El destino de la humanidad me preocupa bastante más de lo que puedo explicar sólo con palabras. Resulta aterrador que el fin del mundo esté ahí, a la vuelta de la esquina, y no parezca que nadie se haya dado cuenta. A este paso, no va a hacer falta que en el 2036 un pedrusco nos caiga del cielo y nos añada a los dinosaurios, al dodo y a las folclóricas en la lista de especies extintas, porque mucho antes se nos habrá acabado el chollo.

El prolegómeno viene a cuento de que últimamente me estoy dando cuenta de la cantidad de spam (correo publicitario, vulgo correo basura) que inunda todas mis cuentas de correo, ofreciéndome, casi diría que de forma suplicante, conscientes de lo que nos va en ello, pastillitas de esas que se supone te convierten en un supermán celtibérico y un tigre de bengala a la hora de las cosas del querer (mira, mamá, un eufemismo, y lo he hecho yo solo).

Al principio, la cosa me mosqueaba un huevo. Uno no puede ir por la vida presumiendo de machote (ergo, mintiendo más que habla) si todos los días tiene entre veinte y treinta ofertas del medicamento en cuestión esperando en cada uno de sus buzones virtuales. Por mucho que te hagas el tonto y digas que a ti que te registren, la gente habla, y en cuanto se enteran de la cantidad de ofertas que recibes de la dichosa pastillita, toda tu fachada cuidadosamente montada a base de fantasmadas y exageraciones se resquebraja en un suspiro. Y claro, ya ves tú qué gracia.

Sin embargo, después de mucho meditar la cuestión, me he dado cuenta de que en realidad toda este gente que pierden su tiempo y la potencia de sus ordenadores en envíos masivos de viagra-spam a mis cuentas no son unos pesaditos, sino unos nada ponderados bienhechores de la humanidad, la misma que va a desaparecer si no nos espabilamos pero ya. Porque lo que está pasando, y a ver si las cosas se empiezan a decir claritas, es que sin la inestimable ayuda de la viagra aquí nadie cumple, y nada de risitas flojas, que éste es un asunto muy serio. Si aquí nadie cumple, no se procrea (aunque sea de rebote y utilizando la vieja excusa de que yo me lo puse bien, oiga), y si no se procrea, se acaba la raza humana. Así de sencillo, cabezas huecas, que no os dais cuenta de la gravedad de la situación, por aquello de pensar en lo que no tenéis que pensar a la hora de iniciar maniobras orquestales en la oscuridad.

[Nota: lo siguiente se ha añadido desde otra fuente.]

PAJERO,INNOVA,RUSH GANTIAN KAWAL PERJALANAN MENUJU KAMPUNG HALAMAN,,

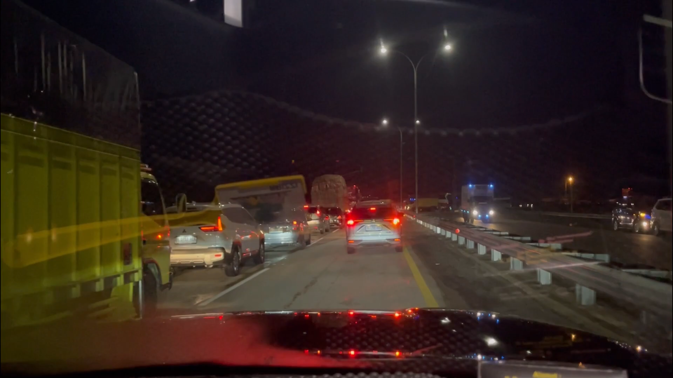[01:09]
Dasar tadi di Kota Medan macetnya hampir 1 jam.
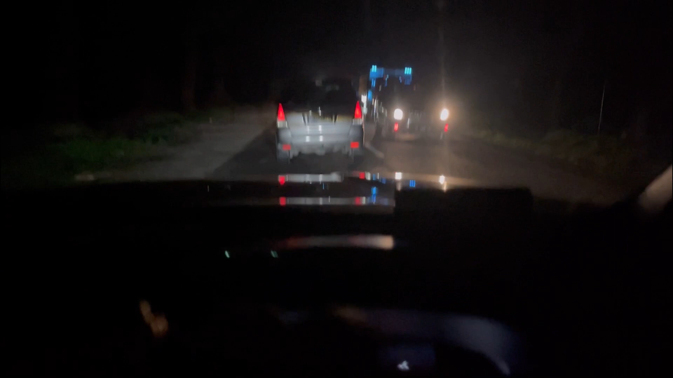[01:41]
Tengok nih lari kita nih. 17. Gara-gara ini jalanan ramai ini.
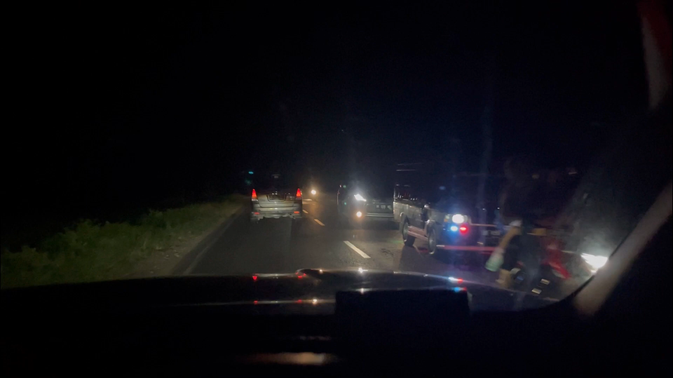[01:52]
Ini nampaknya puncak pulkamnya di hari raya Idul Adha ini. Ramai. Jalan ramai. Kita enggak bisa cepat.
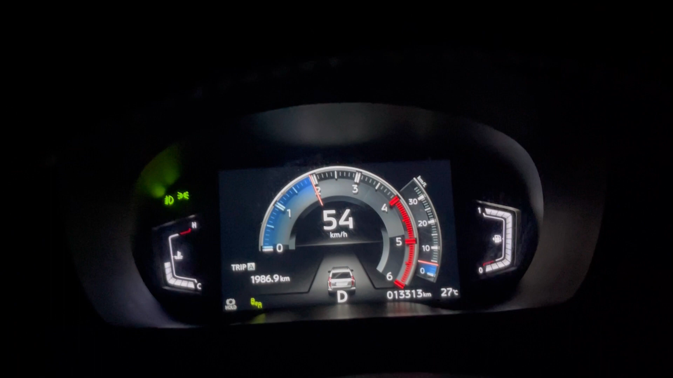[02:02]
Dapat segini udah mantap kali ini. Ini beriringan ini. Ke depan sana beriringan.
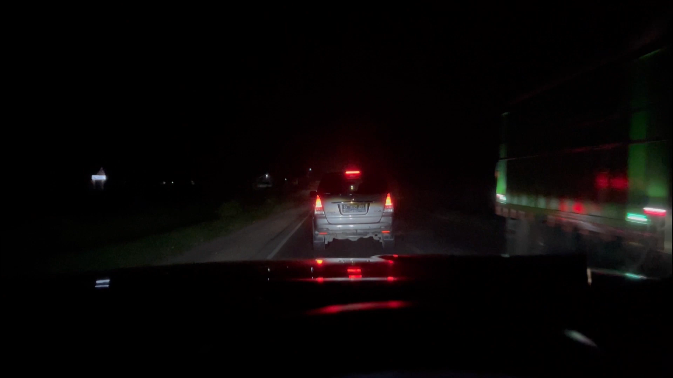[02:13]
Ini udah stop lagi ya kan. Rame. Baik yang dari Medan yang menuju ke Medan rame. Enggak satu arah. Kalau cuma satu arah ramenya masih bisa kita ambil kanan ya kan. Enggak bisa kita ambil kanan. Karena kanan juga rame. Jam berapa besok sampai ini? Tapi kalau udah ngantuk kali nanti kita istirahat aja.
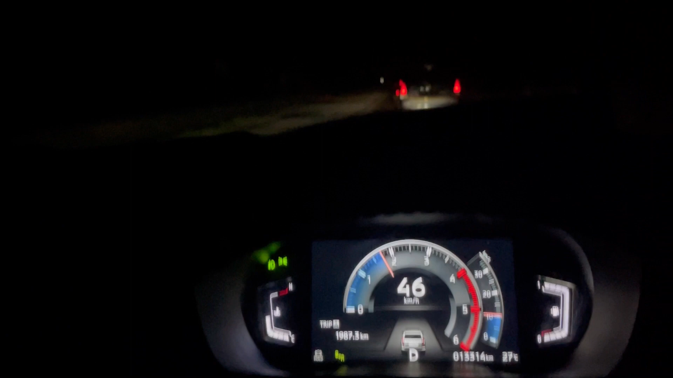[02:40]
Kita nggak boleh memaksakan. Utamakan keselamatan. Oke guys, pantau terus. Sekarang teman-teman kita sudah masuk Siantar ya. Kita lagi dikawal sama Pajero juga di depan. Tadi ada Fortuner juga, tapi Fortunernya sudah tinggal di belakang.
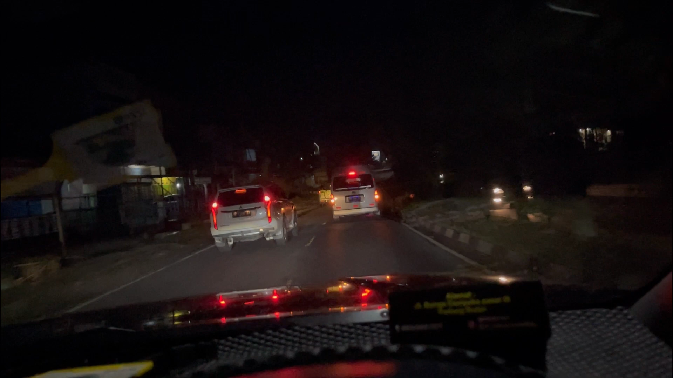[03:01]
Dia nggak mau ikut konvoi.
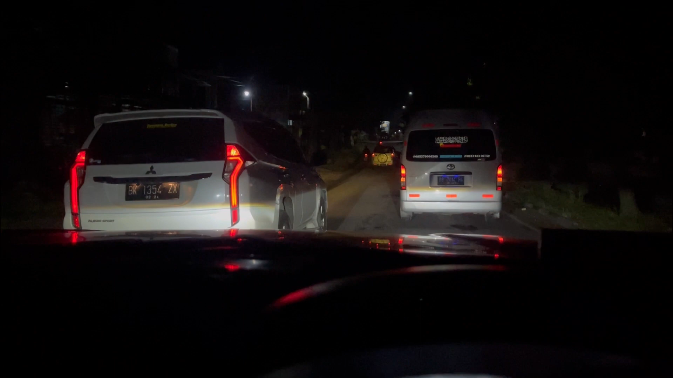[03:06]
Ini ada Fortuner putih nih. Pajero putih.
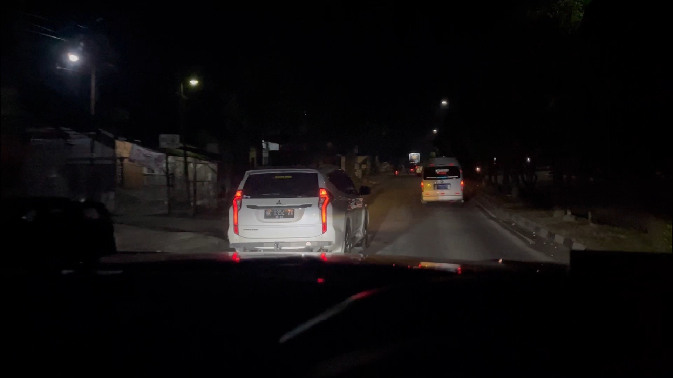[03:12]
Yang di belakang itu ada Fortuner.
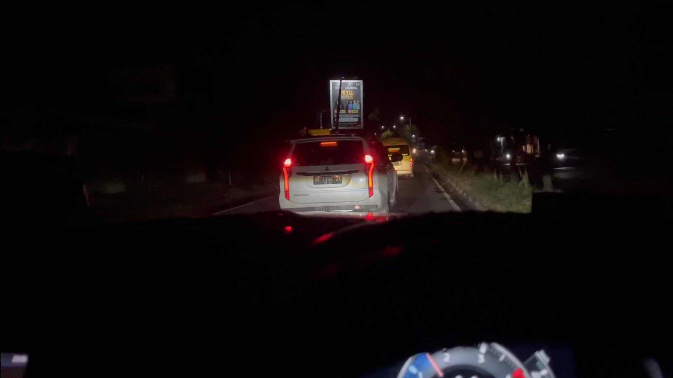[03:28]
Kita telat masih sampai Siantar.
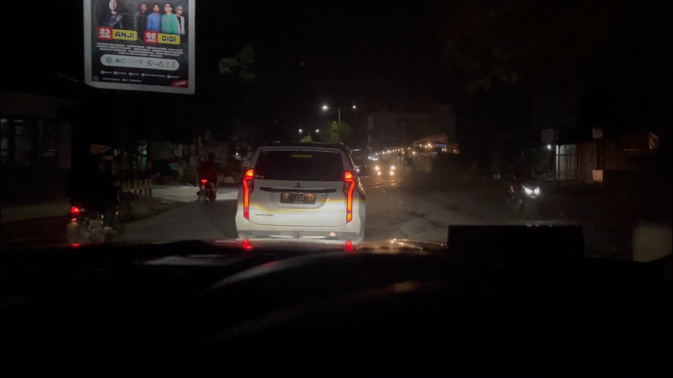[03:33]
Teman-teman, ini aja belum sampai kota Siantarnya. Belum sampai kota Siantar. Ini dia Pajero-nya. Tapi kalau agak lambat nanti kita salip aja lah. Tapi kalau dia agak bersahabat, ya cocok lah kita ekori ini kan. Tapi kalau lambat dia kita salip aja lah. Ini menghemat energi yang ada.
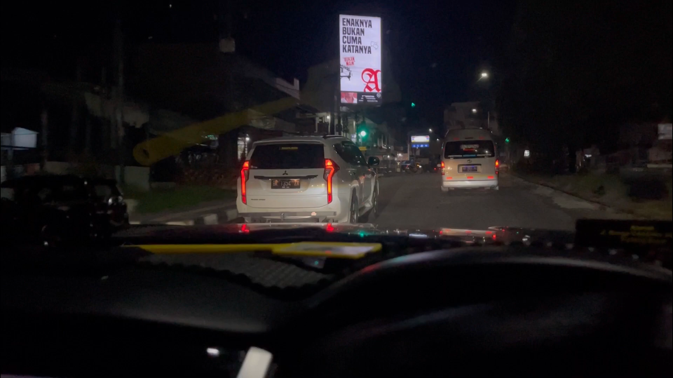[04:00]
Biar mata tidak ngantuk, enaknya ada lawan.
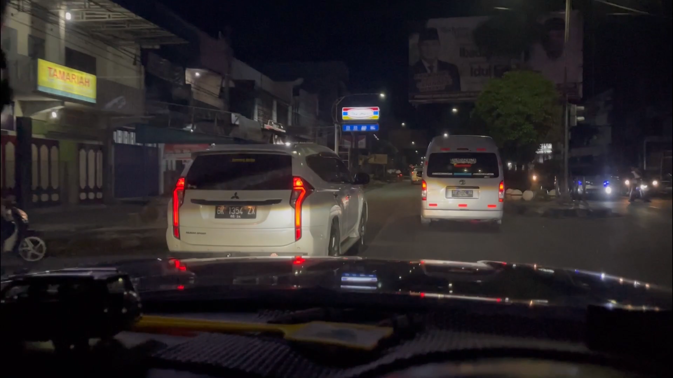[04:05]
Oke guys. Guys, kita sudah sampai di kota Siantar ya.
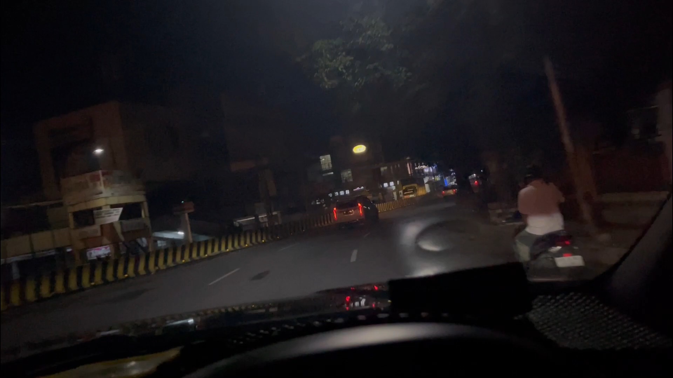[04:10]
Ini kawasan Pajak Horas lah ya, di depan sana Pajak Horas.
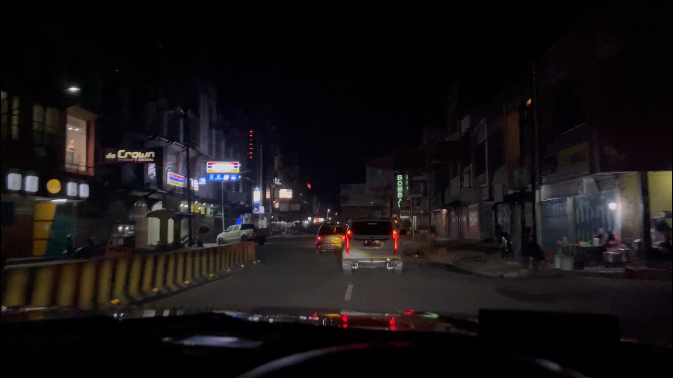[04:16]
Sampai sekarang Pajero masih di depan kita.
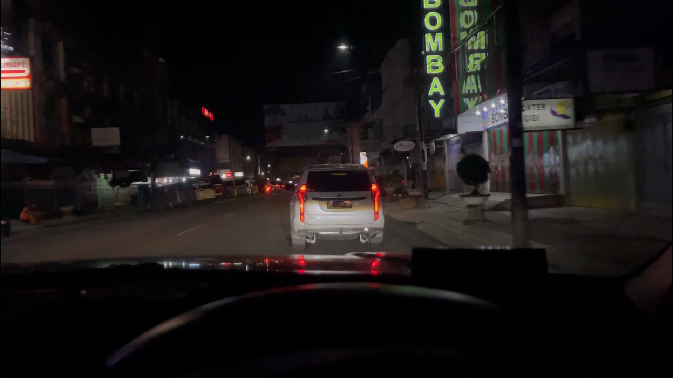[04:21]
Dan jangan dia orang penyebuan juga ini.
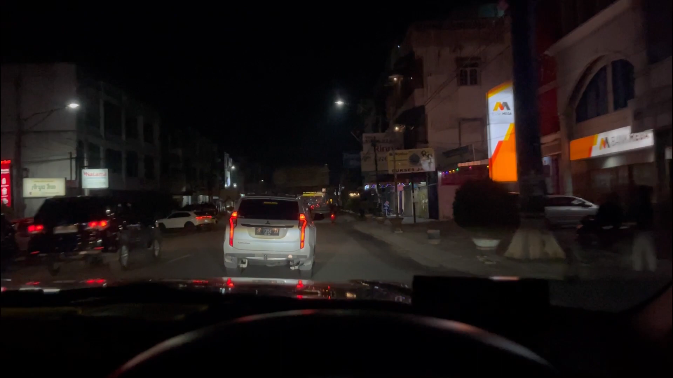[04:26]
Kota Siantar jam 11 sudah mulai sepi. Enak ya jalannya. Kalau udah sepi, enak.
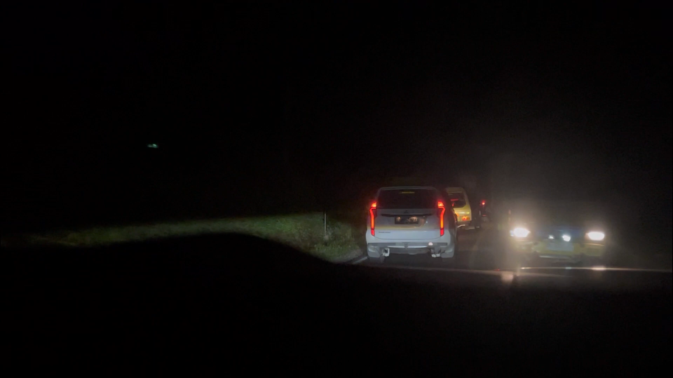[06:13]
Siantar Danau Toba Parapat ya. Pajero yang di depan ini sudah dari tadi memang apa mengawal kami. Dari tadi sebelum masuk Siantar sudah mengawal kami. Mantap guys, mantap lah, masa enggak ya kan? Mantap, kita sudah dikawal jauh, sangat jauh.

De ahí que el bombardeo masivo al que estamos expuestos en nuestros cíber-correos no sea una maniobra publicitaria tan burda como la de los promocionales de Antena 3, no. Por el contrario, se trata de un intento desesperado a nivel mundial para salvar la especie, antes de que sea demasiado tarde. Y si tiene que ser a base de polvos (y con la inestimable ayuda de la milagrosa pastillita in question, si es menester), pues tendrá que ser a base de polvos. Es un trabajo sucio, pero alguien tiene que hacerlo. ¿Voluntarios?